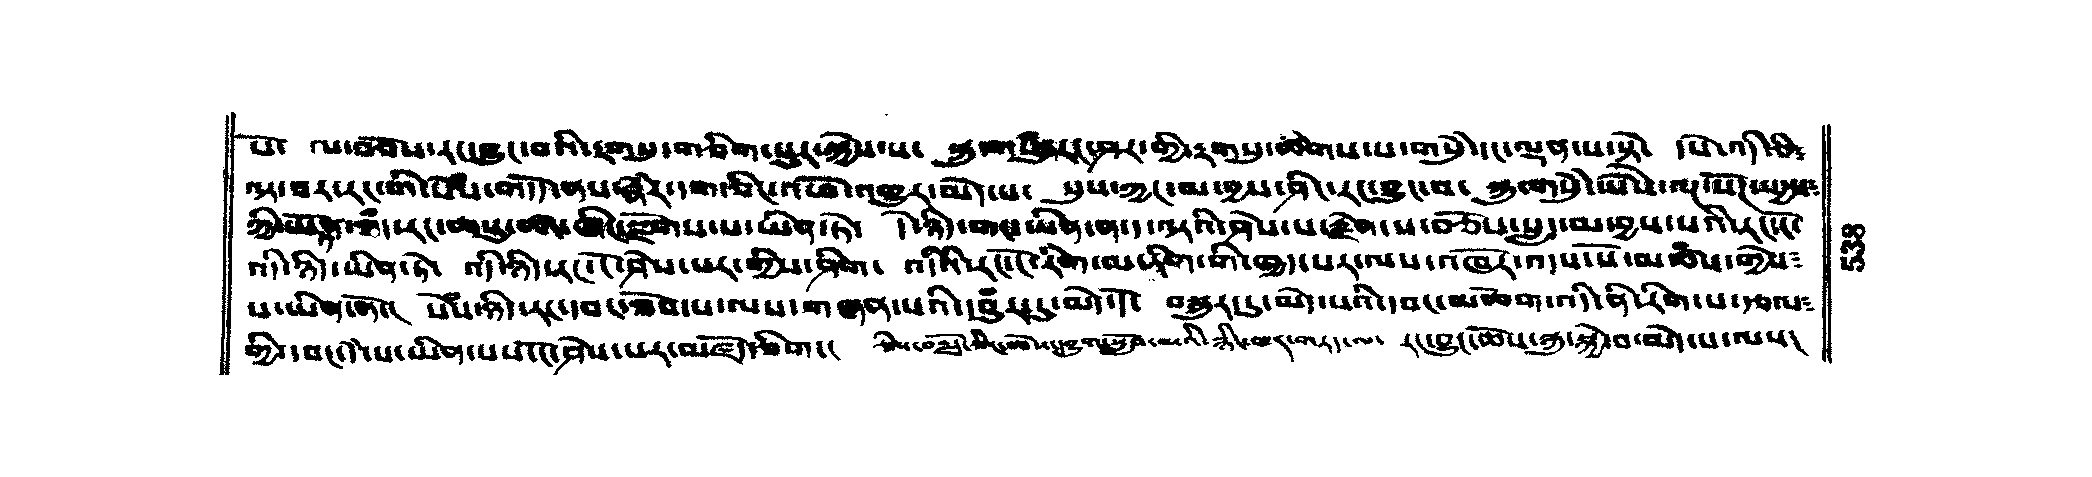པོ། མ་བཅོས་རང་བྱུང་བའི་རྟགས་གཅིག་པུར་སྐྱེས་པ། སྐུ་གསུམ་རང་ཤར་གྱི་རྟགས་སུ་ཚིགས་པ་གསུམ་དང་ལྡན་པ་སྟེ། དཔེ་འདི་ཅི་
ལྟ་བར་རང་གི་སེམས་གདོད་ནས་རྣམ་པར་དག་ཅིང་འཕོ་འགྱུར་མེད་པ།སུས་ཀྱང་མ་བྱས་ཤིང་རང་བྱུང་བ། སྐུ་གསུམ་ཡེ་ཤེས་ལྔ་སོགས་སངས་རྒྱས་
ཀྱི་ཡོན་ཏན་ཐམས་ཅད་རང་ཆས་སུ་ཚང་ཞིང་རྫོགས་པ་ཡིན་ཏེ། དེ་ཉིད་གང་ཡིན་ན་ད་ལྟའི་ཤེས་པ་རྗེན་པ་བཅོས་སླད་མ་བྱས་པའི་རང་ངོ་
འདི་ཉིད་ཡིན་ཏེ། འདི་ཉིད་རང་ངོ་ཤེས་པར་གྱིས་ཤིག འདིའི་རང་ངོ་རིག་མ་རིག་གི་ཁྱད་པར་ལས་འཁོར་འདས་སོ་མཚམས་གྱེས་
པ་ཡིན་ནོ། སེམས་ཉིད་རང་དབང་ཐོབ་པ་ལས་གཞན་པའི་དབང་བསྐུར་དུ་མེད་དེ། བསྐུར་དུ་མེད་པའི་དབང་མཆོག་འདི་ནི་རིག་པ་རྩལ་
གྱི་དབང་དམ་པ་ཡིན་པས་ངོ་ཤེས་པར་མཛོད་ཅིག ཅེས་བརྗོད་ཅིང་ཆོས་དབྱུག་སློབ་མའི་སྙིང་ཁར་གཏད་ལ། རང་བྱུང་ཆོས་སྐུ་སྐྱེ་བ་མེད་པ་ལས།
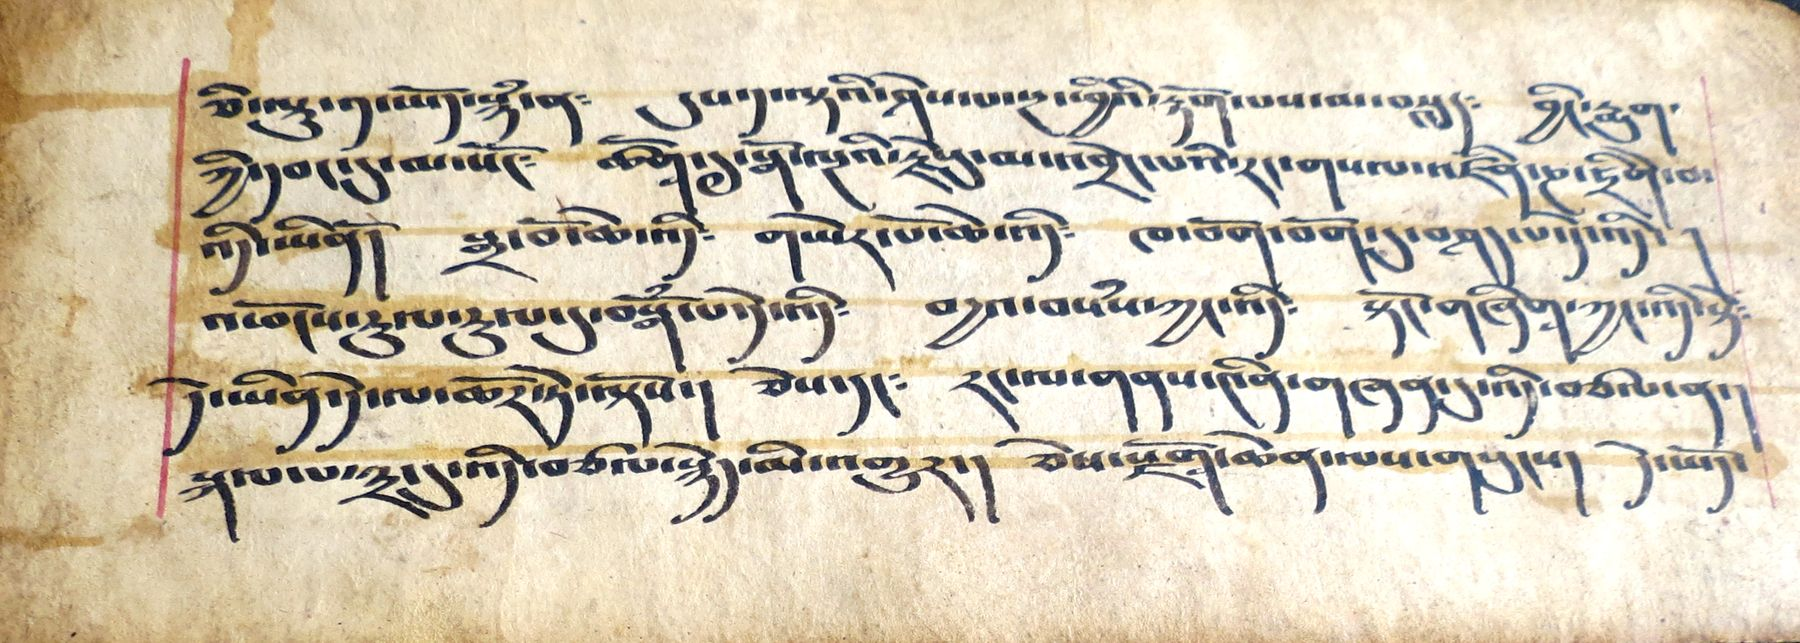ཇི་ལྟ་བུ་ཞིག་ཡོད་བསམས་ན། དུས་ད་ལྟའི་ཤེས་པ་སྔ་ཕྱིའི་རྟོག་པས་མ་བསླད། བྱིང་རྨུག་
གི་དབང་དུ་མ་སོང་། ཚོགས་དྲུག་སྒོ་ལྔའི་རྗེས་སུ་མ་འབྲེངས་པས། རང་གསལ་འཛིན་མེད་ཧྲིག་གེ་བ་
འདི་ཡིན་ནོ། ། སྒྲ་བོ་ཆེ་དེ་འདི། གཡེར་པོ་ཆེ་དེ་འདི། ཁ་བོག་བོག་ཏུ་བཤད་པ་དེ་འདི། 
འཕོངས་རུལ་རུལ་ཏུ་བསྒོམ་པ་དེ་འདི། བརྒྱ་བསམ་ཀྱང་འདི། སྟོང་གཞིག་ཀྱང་འདི། སྟོང་གཞིག་ཀྱང་འདི་སྟེ། 
དེ་ཡིན་དེ་ལ་ཆེར་དེ་ལྟོས། ཞེས་དང་། རང་ལ་གནས་བཞིན་གཞན་ལ་འདི་བཙལ་ན། ། 
བསྐལ་པ་གསུམ་དུ་འདི་བཙལ་རྙེད་མི་འགྱུར། ཅེས་རྫོགས་ཆེན་ལས་གསུངས། དེ་ཡོད་
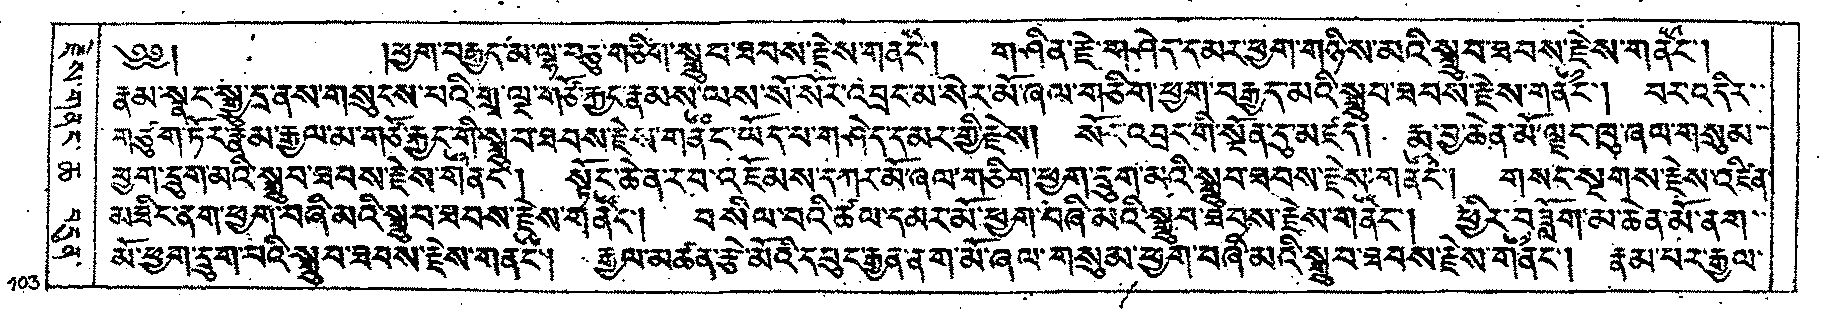༄༅། །ཕྱག་བརྒྱད་མ་ལྷ་བཅུ་གཅིག་སྒྲུབ་ཐབས་རྗེས་གནང ༥༨། གཤིན་རྗེ་གཤེད་དམར་ཕྱག་གཉིས་མའི་སྒྲུབ་ཐབས་རྗེས་གནང ༥༩།
རྣམ་སྣང་སྒྱུ་དྲ་ནས་གསུངས་པའི་གྲྭ་ལྔ་གཙོ་རྐྱང་རྣམས་ལས་སོ་སོར་འབྲང་མ་སེར་མོ་ཞལ་གཅིག་ཕྱག་བརྒྱད་མའི་སྒྲུབ་ཐབས་རྗེས་གནང ༦༡། བར་འདིར་
གཙུག་ཏོར་རྣམ་རྒྱལ་མ་གཙོ་རྐྱང་གི་སྒྲུབ་ཐབས་རྗེས་གནང ༦༠་ཡོད་པ་གཤེད་དམར་གྱི་རྗེས། སོར་འབྲང་གི་སྔོན་དུ་མཛད། རྨ་བྱ་ཆེན་མོ་ལྗང་ཁུ་ཞལ་གསུམ་
ཕྱག་དྲུག་མའི་སྒྲུབ་ཐབས་རྗེས་གནང ༦༢། སྟོང་ཆེན་རབ་འཇོམས་དཀར་མོ་ཞལ་གཅིག་ཕྱག་དྲུག་མའི་སྒྲུབ་ཐབས་རྗེས་གནང ༦༣། གསང་སྔགས་རྗེས་འཛིན་
མཐིང་ནག་ཕྱག་བཞི་མའི་སྒྲུབ་ཐབས་རྗེས་གནང ༦༤། བསིལ་བའི་ཚལ་དམར་མོ་ཕྱག་བཞི་མའི་སྒྲུབ་ཐབས་རྗེས་གནང ༦༥། ཕྱིར་བཟློག་མ་ཆེན་མོ་ནག་
མོ་ཕྱག་དྲུག་པའི་སྒྲུབ་ཐབས་རྗེས་གནང ༦༦། རྒྱལ་མཚན་རྩེ་མོའི་དཔུང་རྒྱན་ནག་མོ་ཞལ་གསུམ་ཕྱག་བཞི་མའི་སྒྲུབ་ཐབས་རྗེས་གནང ༦༧། རྣམ་པར་རྒྱལ་

## WORK TASK
The records above must be printed exactly, but the pictures they hold should be omitted.

## ANSWER
པོ། མ་བཅོས་རང་བྱུང་བའི་རྟགས་གཅིག་པུར་སྐྱེས་པ། སྐུ་གསུམ་རང་ཤར་གྱི་རྟགས་སུ་ཚིགས་པ་གསུམ་དང་ལྡན་པ་སྟེ། དཔེ་འདི་ཅི་
ལྟ་བར་རང་གི་སེམས་གདོད་ནས་རྣམ་པར་དག་ཅིང་འཕོ་འགྱུར་མེད་པ།སུས་ཀྱང་མ་བྱས་ཤིང་རང་བྱུང་བ། སྐུ་གསུམ་ཡེ་ཤེས་ལྔ་སོགས་སངས་རྒྱས་
ཀྱི་ཡོན་ཏན་ཐམས་ཅད་རང་ཆས་སུ་ཚང་ཞིང་རྫོགས་པ་ཡིན་ཏེ། དེ་ཉིད་གང་ཡིན་ན་ད་ལྟའི་ཤེས་པ་རྗེན་པ་བཅོས་སླད་མ་བྱས་པའི་རང་ངོ་
འདི་ཉིད་ཡིན་ཏེ། འདི་ཉིད་རང་ངོ་ཤེས་པར་གྱིས་ཤིག འདིའི་རང་ངོ་རིག་མ་རིག་གི་ཁྱད་པར་ལས་འཁོར་འདས་སོ་མཚམས་གྱེས་
པ་ཡིན་ནོ། སེམས་ཉིད་རང་དབང་ཐོབ་པ་ལས་གཞན་པའི་དབང་བསྐུར་དུ་མེད་དེ། བསྐུར་དུ་མེད་པའི་དབང་མཆོག་འདི་ནི་རིག་པ་རྩལ་
གྱི་དབང་དམ་པ་ཡིན་པས་ངོ་ཤེས་པར་མཛོད་ཅིག ཅེས་བརྗོད་ཅིང་ཆོས་དབྱུག་སློབ་མའི་སྙིང་ཁར་གཏད་ལ། རང་བྱུང་ཆོས་སྐུ་སྐྱེ་བ་མེད་པ་ལས།
ཇི་ལྟ་བུ་ཞིག་ཡོད་བསམས་ན། དུས་ད་ལྟའི་ཤེས་པ་སྔ་ཕྱིའི་རྟོག་པས་མ་བསླད། བྱིང་རྨུག་
གི་དབང་དུ་མ་སོང་། ཚོགས་དྲུག་སྒོ་ལྔའི་རྗེས་སུ་མ་འབྲེངས་པས། རང་གསལ་འཛིན་མེད་ཧྲིག་གེ་བ་
འདི་ཡིན་ནོ། ། སྒྲ་བོ་ཆེ་དེ་འདི། གཡེར་པོ་ཆེ་དེ་འདི། ཁ་བོག་བོག་ཏུ་བཤད་པ་དེ་འདི། 
འཕོངས་རུལ་རུལ་ཏུ་བསྒོམ་པ་དེ་འདི། བརྒྱ་བསམ་ཀྱང་འདི། སྟོང་གཞིག་ཀྱང་འདི། སྟོང་གཞིག་ཀྱང་འདི་སྟེ། 
དེ་ཡིན་དེ་ལ་ཆེར་དེ་ལྟོས། ཞེས་དང་། རང་ལ་གནས་བཞིན་གཞན་ལ་འདི་བཙལ་ན། ། 
བསྐལ་པ་གསུམ་དུ་འདི་བཙལ་རྙེད་མི་འགྱུར། ཅེས་རྫོགས་ཆེན་ལས་གསུངས། དེ་ཡོད་
༄༅། །ཕྱག་བརྒྱད་མ་ལྷ་བཅུ་གཅིག་སྒྲུབ་ཐབས་རྗེས་གནང ༥༨། གཤིན་རྗེ་གཤེད་དམར་ཕྱག་གཉིས་མའི་སྒྲུབ་ཐབས་རྗེས་གནང ༥༩།
རྣམ་སྣང་སྒྱུ་དྲ་ནས་གསུངས་པའི་གྲྭ་ལྔ་གཙོ་རྐྱང་རྣམས་ལས་སོ་སོར་འབྲང་མ་སེར་མོ་ཞལ་གཅིག་ཕྱག་བརྒྱད་མའི་སྒྲུབ་ཐབས་རྗེས་གནང ༦༡། བར་འདིར་
གཙུག་ཏོར་རྣམ་རྒྱལ་མ་གཙོ་རྐྱང་གི་སྒྲུབ་ཐབས་རྗེས་གནང ༦༠་ཡོད་པ་གཤེད་དམར་གྱི་རྗེས། སོར་འབྲང་གི་སྔོན་དུ་མཛད། རྨ་བྱ་ཆེན་མོ་ལྗང་ཁུ་ཞལ་གསུམ་
ཕྱག་དྲུག་མའི་སྒྲུབ་ཐབས་རྗེས་གནང ༦༢། སྟོང་ཆེན་རབ་འཇོམས་དཀར་མོ་ཞལ་གཅིག་ཕྱག་དྲུག་མའི་སྒྲུབ་ཐབས་རྗེས་གནང ༦༣། གསང་སྔགས་རྗེས་འཛིན་
མཐིང་ནག་ཕྱག་བཞི་མའི་སྒྲུབ་ཐབས་རྗེས་གནང ༦༤། བསིལ་བའི་ཚལ་དམར་མོ་ཕྱག་བཞི་མའི་སྒྲུབ་ཐབས་རྗེས་གནང ༦༥། ཕྱིར་བཟློག་མ་ཆེན་མོ་ནག་
མོ་ཕྱག་དྲུག་པའི་སྒྲུབ་ཐབས་རྗེས་གནང ༦༦། རྒྱལ་མཚན་རྩེ་མོའི་དཔུང་རྒྱན་ནག་མོ་ཞལ་གསུམ་ཕྱག་བཞི་མའི་སྒྲུབ་ཐབས་རྗེས་གནང ༦༧། རྣམ་པར་རྒྱལ་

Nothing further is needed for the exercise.